School begins this month and so a well-known puzzle with a surprising new solution may be a good way to adjust to the beginning of the semester. And it's not just schools that put a premium on puzzle-solving. A recent book by William Poundstone, How Would You Move Mount Fuji?, discusses the increasing use of puzzles during employment interviews at high-tech companies and elsewhere.

The classic puzzle, which has given headaches to countless math students, involves 12 coins, one of which is slightly heavier or lighter than the other 11. By using a simple balance just three times, how can you determine the counterfeit coin and whether it is heavier or lighter than the others? (The balance tells you which of two quantities is heavier, but doesn't specify their weights.)

A Simpler Puzzle

Let me begin with a related, but simpler puzzle that Poundstone includes in his book. It involves only eight coins, one of which you know to be slightly heavier than the other seven. By using a simple balance just twice, how can you determine the counterfeit coin? (Try it before reading on.)

The standard approach to the problem goes something like the following:

Separate the eight coins into three groups containing three, three, and two coins, respectively, and call these groups 1, 2, and 3. Begin by balancing the coins in group 1 against those in group 2.

Case 1.1: If the coins from group 1 and 2 balance, then the counterfeit coin is in group 3.

Case 1.2: Balance the two coins in group 3 against each other to determine which is heavier.

Case 2.1: If the coins from group 1 weigh more than the coins from group 2, then the counterfeit coin is in group 1.

Case 2.2: Choose any two coins from group 1 and balance them against each other. Whichever is the heavier is the counterfeit coin.

Case 2.3: If they balance, the last coin from group 1 is the counterfeit.

Case 3: If the coins from group 2 weigh more than the coins from group 1, the case is analyzed in the same way as case 2.

A Different Solution

This approach via branching cases is fine for this problem, but as my former colleague, Donald J. Newman, has stressed, there should be an approach in which the second weighing is not dependent on the outcome of the first. That there is such a solution follows from the fact that the left side of the balance can be heavier (H), lighter (L), or equal (E) in weight to the right side. Since there are three possibilities for each of the two weighings, there are nine discriminations (3 x 3) possible, enough to determine which of the eight coins is heavier.

First let's number the coins from 1 to 8 to help us describe a pair of weighings that work. In the first weighing, balance coins (1, 2, 3) on the left against coins (4, 5, 6) on the right. Whatever the outcome, in the second weighing balance coins (1, 4, 7) against (2, 5, 8). That's it.

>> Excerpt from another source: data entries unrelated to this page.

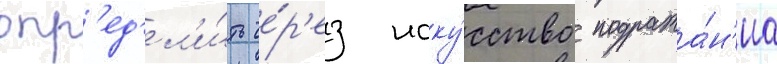
опр'ед'ел'и́ть че́р'ез иску́сство подража́н'иа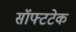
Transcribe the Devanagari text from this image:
सॉफ्टटेक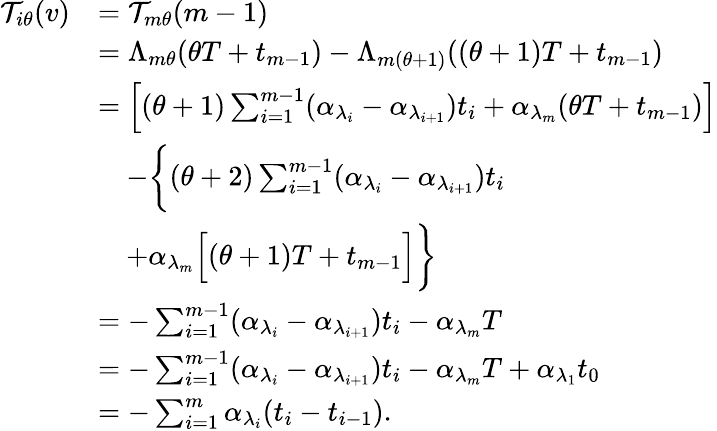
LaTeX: \begin{array}{rl}{\mathcal{T}_{i\theta}(v)}&{=\mathcal{T}_{m\theta}(m-1)}\\ &{=\Lambda_{m\theta}(\theta T+t_{m-1})-\Lambda_{m(\theta+1)}((\theta+1)T+t_{m-1})}\\ &{=\Big[(\theta+1)\sum_{i=1}^{m-1}(\alpha_{\lambda_{i}}-\alpha_{\lambda_{i+1}})t_{i}+\alpha_{\lambda_{m}}(\theta T+t_{m-1})\Big]}\\ &{\quad-\bigg\{ (\theta+2)\sum_{i=1}^{m-1}(\alpha_{\lambda_{i}}-\alpha_{\lambda_{i+1}})t_{i}}\\ &{\quad+\alpha_{\lambda_{m}}\Big[(\theta+1)T+t_{m-1}\Big]\bigg\} }\\ &{=-\sum_{i=1}^{m-1}(\alpha_{\lambda_{i}}-\alpha_{\lambda_{i+1}})t_{i}-\alpha_{\lambda_{m}}T}\\ &{=-\sum_{i=1}^{m-1}(\alpha_{\lambda_{i}}-\alpha_{\lambda_{i+1}})t_{i}-\alpha_{\lambda_{m}}T+\alpha_{\lambda_{1}}t_{0}}\\ &{=-\sum_{i=1}^{m}\alpha_{\lambda_{i}}(t_{i}-t_{i-1}).}\end{array}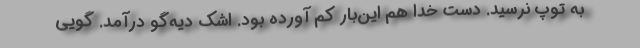
به توپ نرسید. دست خدا هم این‌بار کم آورده بود. اشک دیه‌گو درآمد. گویی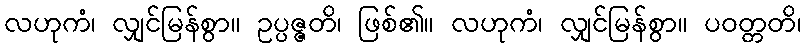
လဟုကံ၊ လျှင်မြန်စွာ။ ဥပ္ပဇ္ဇတိ၊ ဖြစ်၏။ လဟုကံ၊ လျှင်မြန်စွာ။ ပဝတ္တတိ၊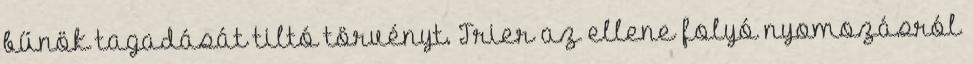
bűnök tagadását tiltó törvényt. Trier az ellene folyó nyomozásról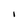
Character: I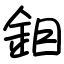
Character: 鉬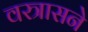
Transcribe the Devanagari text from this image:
वस्त्रासने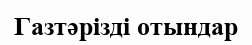
Газтәрізді отындар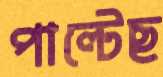
পাল্‌টেছ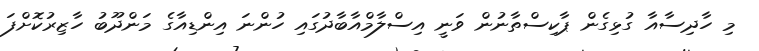
މި ހާދިސާއާ ގުޅިގެން ޕާކިސްތާނުން ވަނީ އިސްލާމްއާބާދުގައި ހުންނަ އިންޑިއާގެ މަންދޫބު ހާޒިރުކޮށްފަ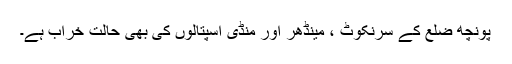
پونچھ ضلع کے سرنکوٹ ، مینڈھر اور منڈی اسپتالوں کی بھی حالت خراب ہے۔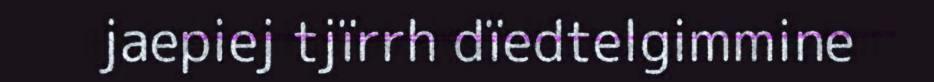
jaepiej tjïrrh dïedtelgimmine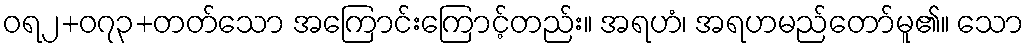
ဝရ၂+၀၇၃+တတ်သော အကြောင်းကြောင့်တည်း။ အရဟံ၊ အရဟမည်တော်မူ၏။ သော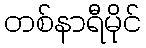
တစ်နာရီမိုင်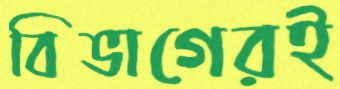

If the left side of the balance is heavier for both weighings (HH), then coin 1 is the heavier coin because it's the only one on the left side for both weighings. If the left side is heavier for the first weighing, but lighter for the second (HL), then coin 2 is the heavier coin because it's the only one that's on the left side for the first weighing and the right side for the second. If the left side is heavier for the first weighing and equal in weight for the second, then coin 3 is the heavier coin for similar reasons.